Après avoir enseigné le français en Russie, travaillé comme secrétaire-interprète à l'ambassade belge de Moscou, mis ses compétences aux services de plusieurs sociétés françaises, Natalia a décidé de partager ses connaissances de l'artisanat slave en général et russe en particulier. Ceci via son blog mais également via son pavillon russe ( www.costumerusse.kingeshop.com/ ) ou vous verrez, entre autre, ses créations et des expositions sur le terrain (Marchés, salons, foires...).

4 réponses à Découvrez la fabrication artisanale d’un châle russe

  • Scheppers Claude dit :

    je suis très intéressée par l’artisanat et ai beaucoup apprécié votre vidéo sur la fabrication des châles Russes. Au fil des ans ,via les brocantes ,je me suis constituée une petite collection de matriochkas. Où pourrais je me documenter sur leur provenance ,leur époque de fabrication ETC???
    J’aimerais également trouver des patrons des chemises et des broderies traditionnelles Russes au point de croix.
    Merci beaucoup.
    Claude Scheppers

  • Natalia dit :

    Bonjour, Claude 🙂
    Merci pour l’intérêt envers la culture de mon pays.

    Quant à votre collection des matriochkas je pourrais peut-être vous donner mon avis sur les années et la provenance de vos poupées d’après les photos de bonne qualité.
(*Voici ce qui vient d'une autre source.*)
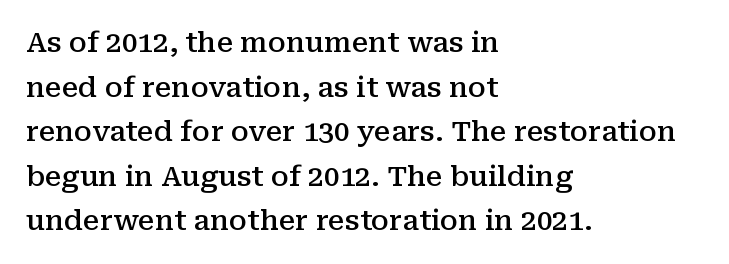
The image shows 28 px semibold serif type, upright; set left-aligned, normal line spacing (1.59x), normal letter spacing, not underlined; medium stroke contrast and a medium x-height.
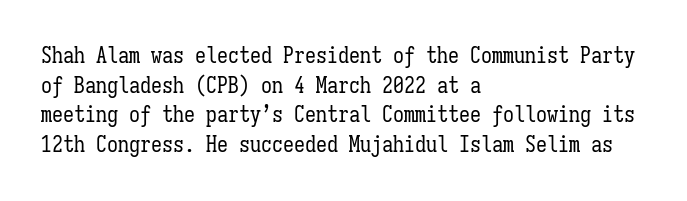
Q: Is the text bold? A: No.
Q: Is the text italic (slanted)? A: No, it is upright.
Q: Is the text underlined? A: No.
Q: How is the paragraph aligned? A: Left-aligned.
Q: Is the spacing between letters normal or unusually wide? A: Normal.
Q: Is the spacing between lines tight, normal or loose? A: Normal.
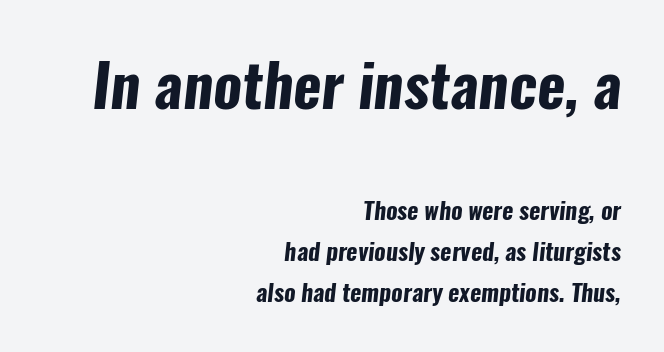
The image shows 60 px bold, condensed sans-serif type; set right-aligned, normal line spacing (1.7x), normal letter spacing, not underlined; the first (top) block is 2.5x larger; low stroke contrast and a medium x-height.
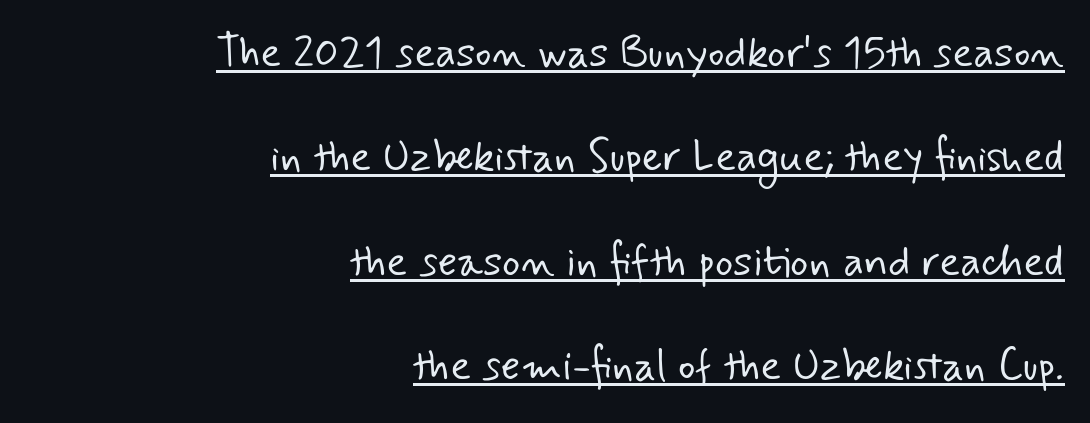
The image shows 43 px light sans-serif type; set right-aligned, loose line spacing (2.43x), normal letter spacing, underlined; low stroke contrast and a small x-height.
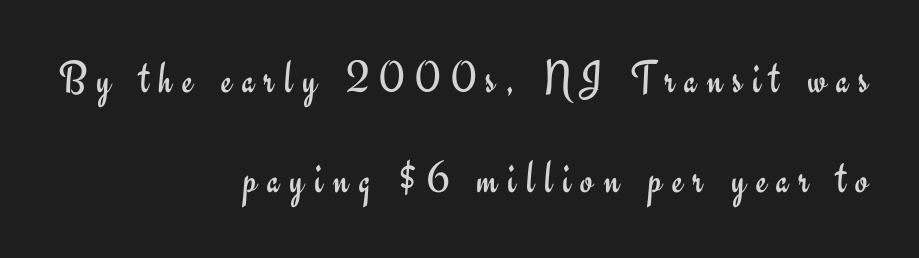
Q: Is the text bold? A: No.
Q: Is the text italic (slanted)? A: Yes.
Q: Is the typeface a serif or a sans-serif typeface? A: Sans-serif.
Q: Is the text underlined? A: No.
Q: How is the paragraph aligned? A: Right-aligned.
Q: Is the spacing between letters normal or unusually wide? A: Unusually wide.
Q: Is the spacing between lines tight, normal or loose? A: Loose.
Q: Width (condensed, normal, or wide)? A: Normal.
Q: Stroke contrast? A: Low.
Q: x-height? A: Small.
Q: Monospaced? A: No.
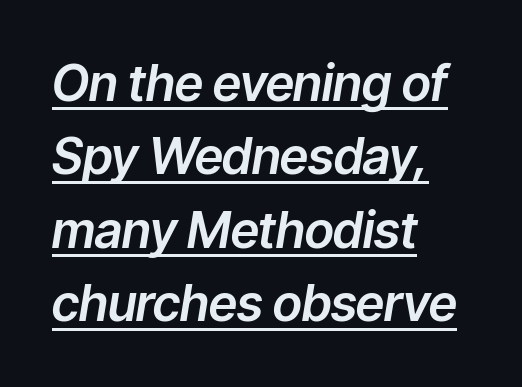
{"italic": "yes", "lean": "right", "slant_degrees": 9, "width": "normal", "stroke_contrast": "low", "x_height": "medium", "monospaced": "no", "underline": "yes", "align": "left", "line_spacing": "normal", "line_spacing_ratio": 1.47, "letter_spacing": "normal", "letter_spacing_em": 0.0, "glyph_px": 50}

Mais si vous cherchez à faire faire une expertise de la collection, je pense qu’il vaut mieux voir ceci avec des spécialistes du musée de matriochkas à Sergiev Posad. C’est d’ailleurs un seul musée de matriochkas.

    Quant à la broderie russe, vous pouvez trouvez quelques patrons gratuits ici http://www.costume-russe.fr/a-propos-de-lauteure-2/des-patrons-gratuits/. Certainement ils ne sont pas travaillés dans les logiciels appropriés mais avec une bonne volonté sont parfaitement déchiffrables. J’en prépare une série des patrons de la broderie slave en bon format pour différente utilisation mais ce n’est pas encore fini. Je vous ferrai signe quand ce serai fait. D’ailleurs mon article suivant sera sur la broderie russe au point de croix 🙂

    Quant aux patrons des chemisiers russes c’est moins trouvable que les patrons de la broderie russe. Je rectifie pas mal et j’adapte sérieusement le peu que j’arrive à trouver. Au fait le plus importants est d’avoir le descriptif du travail pas à pas que le patron même (selon mon expérience). Il existe les livres des ethnographes russes Gorojanina et Zaytseva, mais il est en russe et je n’ai pas encore réussi d’en trouver à Moscou. Il existe des livres sur les costumes médiévales en français, alors, pourquoi pas en écrire un sur le costume russe en français?! 🙂 C’est toujours plus agréable d’en faire un par soi-même qu’à acheter. Surtout que le coût de broderie et de confection d’un chemisier varie de 300 à 800 eur sans compter le plaisir de la réalisation par ses propres mains:)
    Je vous tiens au courant pour la broderie, d’accord? 🙂
    Bonne journée, Claude.
    Amicalement,
    Natalia.
    Natalia Articles récents..Boîte haute « Dentelle » (touës) (Visites: 40)My Profile

  • Victoria dit :

    La photo de la jeune femme est magnifique, son châle, sa robe, ses gants et la déco intérieure, j’adore!